Activity | Gather all lines in the entries below that include the word "place".

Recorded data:
******************************

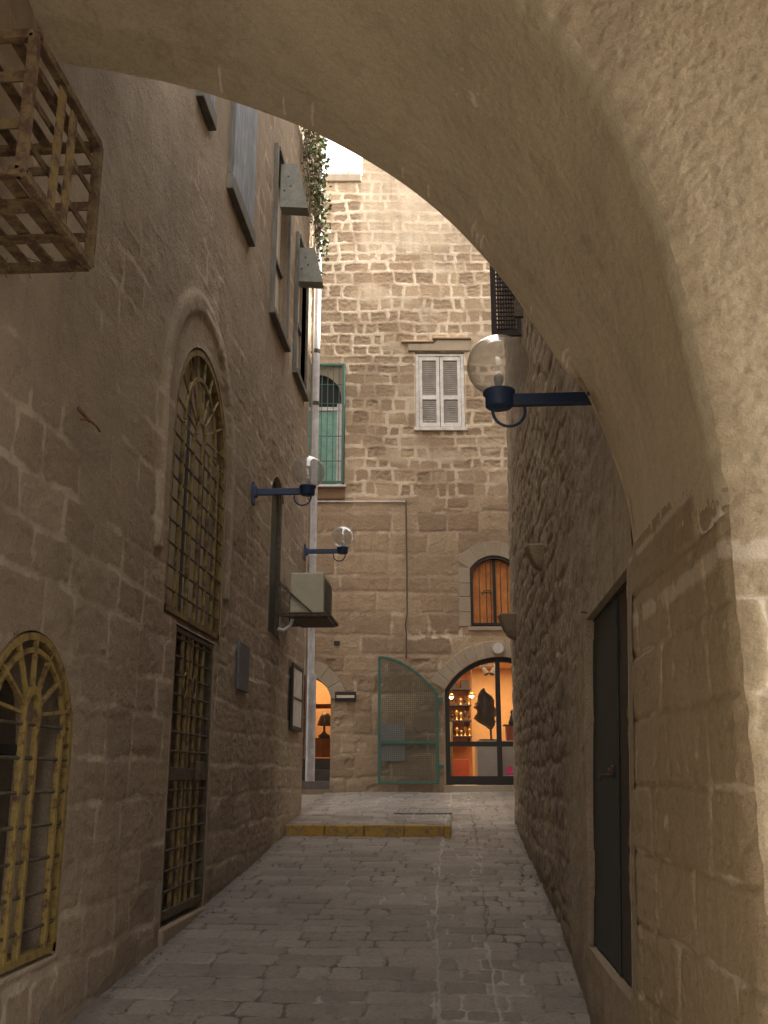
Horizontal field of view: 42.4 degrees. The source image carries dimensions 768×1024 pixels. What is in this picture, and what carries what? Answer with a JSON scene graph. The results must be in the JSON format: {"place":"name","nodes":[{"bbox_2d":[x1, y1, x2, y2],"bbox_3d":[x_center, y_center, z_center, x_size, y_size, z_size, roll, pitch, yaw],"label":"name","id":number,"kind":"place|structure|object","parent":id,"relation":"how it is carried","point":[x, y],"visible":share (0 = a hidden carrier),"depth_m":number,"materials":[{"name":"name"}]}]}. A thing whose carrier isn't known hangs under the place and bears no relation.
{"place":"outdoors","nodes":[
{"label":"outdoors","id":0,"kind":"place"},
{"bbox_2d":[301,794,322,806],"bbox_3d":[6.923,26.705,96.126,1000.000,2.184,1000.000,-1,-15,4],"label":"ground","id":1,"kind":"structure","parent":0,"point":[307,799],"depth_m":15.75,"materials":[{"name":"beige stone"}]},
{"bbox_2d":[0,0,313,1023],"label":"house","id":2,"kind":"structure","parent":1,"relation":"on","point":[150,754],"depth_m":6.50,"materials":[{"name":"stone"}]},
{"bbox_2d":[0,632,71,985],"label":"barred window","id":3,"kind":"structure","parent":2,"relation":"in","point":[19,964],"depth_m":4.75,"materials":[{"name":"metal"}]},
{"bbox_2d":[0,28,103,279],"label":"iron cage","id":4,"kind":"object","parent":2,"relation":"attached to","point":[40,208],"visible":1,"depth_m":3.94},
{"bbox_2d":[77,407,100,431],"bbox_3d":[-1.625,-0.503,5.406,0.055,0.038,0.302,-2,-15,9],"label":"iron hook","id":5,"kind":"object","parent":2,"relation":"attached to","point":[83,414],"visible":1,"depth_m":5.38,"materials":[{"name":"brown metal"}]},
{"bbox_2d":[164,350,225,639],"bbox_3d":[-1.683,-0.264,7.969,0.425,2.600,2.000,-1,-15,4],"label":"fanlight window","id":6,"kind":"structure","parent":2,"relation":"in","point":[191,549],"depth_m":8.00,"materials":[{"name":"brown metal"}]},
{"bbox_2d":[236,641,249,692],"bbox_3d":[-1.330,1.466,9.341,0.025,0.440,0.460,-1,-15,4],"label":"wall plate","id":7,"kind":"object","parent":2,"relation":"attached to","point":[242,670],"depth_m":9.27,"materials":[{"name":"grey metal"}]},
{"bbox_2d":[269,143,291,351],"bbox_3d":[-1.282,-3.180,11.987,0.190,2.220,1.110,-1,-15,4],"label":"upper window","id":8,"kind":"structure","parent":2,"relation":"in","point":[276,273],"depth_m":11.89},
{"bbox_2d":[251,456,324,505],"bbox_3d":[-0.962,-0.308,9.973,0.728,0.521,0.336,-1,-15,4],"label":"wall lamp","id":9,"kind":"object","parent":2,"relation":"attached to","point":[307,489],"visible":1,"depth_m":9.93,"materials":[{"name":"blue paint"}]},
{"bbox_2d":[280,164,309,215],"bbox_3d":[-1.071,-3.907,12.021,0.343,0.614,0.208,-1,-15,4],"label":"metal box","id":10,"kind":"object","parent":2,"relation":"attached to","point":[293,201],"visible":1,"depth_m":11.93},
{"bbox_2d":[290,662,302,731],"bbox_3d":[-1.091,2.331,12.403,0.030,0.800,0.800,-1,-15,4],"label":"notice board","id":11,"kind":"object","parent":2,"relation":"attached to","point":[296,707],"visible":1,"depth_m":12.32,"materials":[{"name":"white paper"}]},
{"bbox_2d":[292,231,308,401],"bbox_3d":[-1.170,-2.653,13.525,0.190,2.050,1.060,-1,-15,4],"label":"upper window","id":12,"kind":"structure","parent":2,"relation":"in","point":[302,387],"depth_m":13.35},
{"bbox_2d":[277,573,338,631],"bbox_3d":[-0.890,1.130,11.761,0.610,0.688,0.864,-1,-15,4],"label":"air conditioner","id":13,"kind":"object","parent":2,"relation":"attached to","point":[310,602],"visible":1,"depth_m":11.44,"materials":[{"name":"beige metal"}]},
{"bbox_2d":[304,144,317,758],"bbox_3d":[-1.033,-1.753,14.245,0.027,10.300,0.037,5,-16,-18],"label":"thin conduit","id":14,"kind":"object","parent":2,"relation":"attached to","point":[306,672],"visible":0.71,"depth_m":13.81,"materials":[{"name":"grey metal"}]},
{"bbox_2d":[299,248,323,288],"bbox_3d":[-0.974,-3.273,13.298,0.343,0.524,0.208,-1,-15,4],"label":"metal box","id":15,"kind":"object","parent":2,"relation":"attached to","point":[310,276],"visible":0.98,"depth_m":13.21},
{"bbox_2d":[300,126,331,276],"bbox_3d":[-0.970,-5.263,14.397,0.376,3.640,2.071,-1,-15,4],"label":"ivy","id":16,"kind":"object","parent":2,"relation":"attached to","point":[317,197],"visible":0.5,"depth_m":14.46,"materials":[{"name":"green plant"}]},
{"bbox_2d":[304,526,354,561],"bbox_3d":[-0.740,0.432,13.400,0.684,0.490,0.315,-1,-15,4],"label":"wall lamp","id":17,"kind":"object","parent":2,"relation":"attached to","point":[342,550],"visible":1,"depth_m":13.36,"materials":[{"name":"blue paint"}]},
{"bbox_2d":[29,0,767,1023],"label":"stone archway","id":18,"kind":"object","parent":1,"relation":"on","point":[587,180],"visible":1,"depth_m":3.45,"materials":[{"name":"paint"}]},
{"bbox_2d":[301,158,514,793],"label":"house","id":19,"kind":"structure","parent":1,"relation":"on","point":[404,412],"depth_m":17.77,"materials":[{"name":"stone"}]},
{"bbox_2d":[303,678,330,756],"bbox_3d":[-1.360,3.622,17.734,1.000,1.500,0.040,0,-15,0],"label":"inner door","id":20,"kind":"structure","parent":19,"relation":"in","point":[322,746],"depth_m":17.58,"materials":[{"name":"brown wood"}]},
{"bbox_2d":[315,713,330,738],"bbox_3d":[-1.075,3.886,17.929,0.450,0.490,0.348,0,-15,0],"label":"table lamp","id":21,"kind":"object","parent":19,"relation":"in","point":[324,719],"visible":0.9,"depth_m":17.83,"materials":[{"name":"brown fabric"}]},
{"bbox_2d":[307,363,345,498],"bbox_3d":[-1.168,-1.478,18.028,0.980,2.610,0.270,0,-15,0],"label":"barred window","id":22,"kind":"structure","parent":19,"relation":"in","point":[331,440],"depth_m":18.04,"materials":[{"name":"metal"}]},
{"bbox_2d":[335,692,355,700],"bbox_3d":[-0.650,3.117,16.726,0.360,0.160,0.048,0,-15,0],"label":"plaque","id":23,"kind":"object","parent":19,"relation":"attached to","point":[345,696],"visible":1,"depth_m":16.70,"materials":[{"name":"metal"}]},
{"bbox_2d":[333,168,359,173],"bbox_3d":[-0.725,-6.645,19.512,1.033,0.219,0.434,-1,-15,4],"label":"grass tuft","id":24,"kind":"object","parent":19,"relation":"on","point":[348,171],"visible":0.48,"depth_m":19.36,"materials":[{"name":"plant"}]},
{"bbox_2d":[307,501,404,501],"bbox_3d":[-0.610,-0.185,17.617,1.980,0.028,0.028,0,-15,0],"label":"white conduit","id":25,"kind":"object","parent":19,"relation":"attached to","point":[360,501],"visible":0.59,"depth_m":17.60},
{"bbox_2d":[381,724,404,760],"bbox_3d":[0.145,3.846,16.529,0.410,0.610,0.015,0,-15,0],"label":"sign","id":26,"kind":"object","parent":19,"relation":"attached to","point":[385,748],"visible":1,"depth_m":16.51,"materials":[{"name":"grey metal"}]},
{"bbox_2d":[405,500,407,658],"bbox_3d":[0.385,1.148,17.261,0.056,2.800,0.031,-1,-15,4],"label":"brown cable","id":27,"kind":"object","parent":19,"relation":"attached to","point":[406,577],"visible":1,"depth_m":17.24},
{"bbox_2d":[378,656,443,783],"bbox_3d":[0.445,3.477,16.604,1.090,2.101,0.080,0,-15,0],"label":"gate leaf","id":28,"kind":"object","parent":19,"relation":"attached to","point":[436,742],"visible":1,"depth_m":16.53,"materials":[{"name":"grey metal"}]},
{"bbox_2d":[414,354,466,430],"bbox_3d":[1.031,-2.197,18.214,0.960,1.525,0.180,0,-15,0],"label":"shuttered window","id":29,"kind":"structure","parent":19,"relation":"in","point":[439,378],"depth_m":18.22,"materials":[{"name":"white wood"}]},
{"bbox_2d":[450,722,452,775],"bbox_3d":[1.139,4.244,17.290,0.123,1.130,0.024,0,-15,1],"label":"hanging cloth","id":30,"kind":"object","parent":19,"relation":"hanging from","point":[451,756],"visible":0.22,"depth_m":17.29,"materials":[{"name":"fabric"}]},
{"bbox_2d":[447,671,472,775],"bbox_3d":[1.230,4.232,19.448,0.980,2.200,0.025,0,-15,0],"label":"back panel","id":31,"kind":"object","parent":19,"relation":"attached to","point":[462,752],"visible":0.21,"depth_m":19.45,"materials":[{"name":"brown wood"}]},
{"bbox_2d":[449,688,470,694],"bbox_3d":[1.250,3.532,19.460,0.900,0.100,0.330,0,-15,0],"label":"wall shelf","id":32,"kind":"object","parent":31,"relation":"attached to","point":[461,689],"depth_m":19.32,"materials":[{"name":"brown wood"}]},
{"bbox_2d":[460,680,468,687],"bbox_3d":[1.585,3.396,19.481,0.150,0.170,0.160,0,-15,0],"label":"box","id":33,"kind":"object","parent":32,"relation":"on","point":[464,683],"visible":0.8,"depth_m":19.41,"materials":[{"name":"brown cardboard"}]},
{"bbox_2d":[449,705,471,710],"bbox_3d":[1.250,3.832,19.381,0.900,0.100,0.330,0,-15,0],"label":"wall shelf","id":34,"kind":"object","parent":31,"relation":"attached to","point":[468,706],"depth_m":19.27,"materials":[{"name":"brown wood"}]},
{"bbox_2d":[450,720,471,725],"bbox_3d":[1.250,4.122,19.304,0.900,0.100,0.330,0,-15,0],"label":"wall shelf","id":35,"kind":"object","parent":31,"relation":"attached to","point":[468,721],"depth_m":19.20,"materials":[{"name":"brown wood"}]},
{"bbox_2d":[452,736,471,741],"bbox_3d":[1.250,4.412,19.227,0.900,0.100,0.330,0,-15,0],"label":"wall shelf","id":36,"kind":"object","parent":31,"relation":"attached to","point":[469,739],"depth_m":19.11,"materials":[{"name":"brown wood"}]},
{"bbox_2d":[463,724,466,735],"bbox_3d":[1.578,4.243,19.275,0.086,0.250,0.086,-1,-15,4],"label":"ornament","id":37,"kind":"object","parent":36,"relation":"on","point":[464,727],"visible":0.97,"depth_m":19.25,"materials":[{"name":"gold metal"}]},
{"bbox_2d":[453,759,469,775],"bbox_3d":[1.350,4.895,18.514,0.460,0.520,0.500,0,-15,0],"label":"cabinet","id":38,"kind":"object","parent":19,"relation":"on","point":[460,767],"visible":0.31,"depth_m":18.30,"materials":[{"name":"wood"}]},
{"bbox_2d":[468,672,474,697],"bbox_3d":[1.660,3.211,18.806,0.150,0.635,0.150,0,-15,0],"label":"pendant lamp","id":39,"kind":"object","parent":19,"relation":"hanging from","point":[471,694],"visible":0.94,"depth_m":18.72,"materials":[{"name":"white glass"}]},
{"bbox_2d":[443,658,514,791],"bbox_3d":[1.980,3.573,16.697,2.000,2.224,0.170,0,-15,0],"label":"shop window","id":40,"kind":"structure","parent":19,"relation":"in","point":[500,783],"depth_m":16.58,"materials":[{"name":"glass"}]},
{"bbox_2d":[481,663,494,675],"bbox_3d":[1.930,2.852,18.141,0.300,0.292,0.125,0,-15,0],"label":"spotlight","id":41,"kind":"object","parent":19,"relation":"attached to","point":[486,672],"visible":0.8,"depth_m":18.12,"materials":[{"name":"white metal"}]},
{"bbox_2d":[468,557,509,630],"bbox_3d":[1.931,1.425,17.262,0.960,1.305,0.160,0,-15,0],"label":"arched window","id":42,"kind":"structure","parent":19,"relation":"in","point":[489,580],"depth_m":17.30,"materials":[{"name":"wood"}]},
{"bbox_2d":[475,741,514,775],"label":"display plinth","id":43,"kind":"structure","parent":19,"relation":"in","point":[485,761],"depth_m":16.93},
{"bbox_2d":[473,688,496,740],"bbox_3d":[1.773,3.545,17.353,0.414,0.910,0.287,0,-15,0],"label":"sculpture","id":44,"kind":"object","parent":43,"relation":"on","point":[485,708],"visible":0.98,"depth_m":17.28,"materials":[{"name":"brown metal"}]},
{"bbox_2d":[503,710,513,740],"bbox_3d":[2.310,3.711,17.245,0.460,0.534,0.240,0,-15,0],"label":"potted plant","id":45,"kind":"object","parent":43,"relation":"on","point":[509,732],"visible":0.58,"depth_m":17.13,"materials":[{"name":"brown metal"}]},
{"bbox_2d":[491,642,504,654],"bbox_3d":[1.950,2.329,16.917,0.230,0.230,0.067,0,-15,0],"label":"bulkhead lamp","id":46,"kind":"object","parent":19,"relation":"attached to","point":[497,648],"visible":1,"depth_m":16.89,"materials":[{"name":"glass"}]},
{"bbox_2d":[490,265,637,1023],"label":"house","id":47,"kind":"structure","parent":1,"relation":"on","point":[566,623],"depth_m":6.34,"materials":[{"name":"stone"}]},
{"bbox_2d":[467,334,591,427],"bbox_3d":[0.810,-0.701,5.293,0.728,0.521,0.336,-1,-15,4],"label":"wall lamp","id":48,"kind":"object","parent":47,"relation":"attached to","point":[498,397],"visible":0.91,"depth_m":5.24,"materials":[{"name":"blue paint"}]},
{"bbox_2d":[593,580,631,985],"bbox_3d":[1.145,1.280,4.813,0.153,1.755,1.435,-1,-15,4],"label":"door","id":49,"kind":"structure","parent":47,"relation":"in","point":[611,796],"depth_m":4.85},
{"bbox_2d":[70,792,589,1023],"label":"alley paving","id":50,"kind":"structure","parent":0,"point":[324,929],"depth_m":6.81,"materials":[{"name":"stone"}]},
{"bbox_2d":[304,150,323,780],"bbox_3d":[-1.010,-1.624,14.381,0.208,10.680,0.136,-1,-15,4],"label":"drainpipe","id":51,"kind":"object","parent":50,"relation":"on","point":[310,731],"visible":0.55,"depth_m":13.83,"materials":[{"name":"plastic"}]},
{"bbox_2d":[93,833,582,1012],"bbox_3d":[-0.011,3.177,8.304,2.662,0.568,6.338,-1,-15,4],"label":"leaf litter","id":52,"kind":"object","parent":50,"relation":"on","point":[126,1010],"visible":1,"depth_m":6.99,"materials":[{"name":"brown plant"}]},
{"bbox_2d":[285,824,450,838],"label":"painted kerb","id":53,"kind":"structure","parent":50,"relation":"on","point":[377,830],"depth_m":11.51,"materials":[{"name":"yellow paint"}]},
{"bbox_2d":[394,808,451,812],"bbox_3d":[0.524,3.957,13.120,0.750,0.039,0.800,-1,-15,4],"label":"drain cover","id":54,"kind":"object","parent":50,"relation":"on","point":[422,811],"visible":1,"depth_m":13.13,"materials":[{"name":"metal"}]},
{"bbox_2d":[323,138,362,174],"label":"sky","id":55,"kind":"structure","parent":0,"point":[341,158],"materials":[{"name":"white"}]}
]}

******************************

Response below |
Horizontal field of view: 42.4 degrees. The source image carries dimensions 768×1024 pixels. What is in this picture, and what carries what? Answer with a JSON scene graph. The results must be in the JSON format: {"place":"name","nodes":[{"bbox_2d":[x1, y1, x2, y2],"bbox_3d":[x_center, y_center, z_center, x_size, y_size, z_size, roll, pitch, yaw],"label":"name","id":number,"kind":"place|structure|object","parent":id,"relation":"how it is carried","point":[x, y],"visible":share (0 = a hidden carrier),"depth_m":number,"materials":[{"name":"name"}]}]}. A thing whose carrier isn't known hangs under the place and bears no relation.
{"place":"outdoors","nodes":[
{"label":"outdoors","id":0,"kind":"place"},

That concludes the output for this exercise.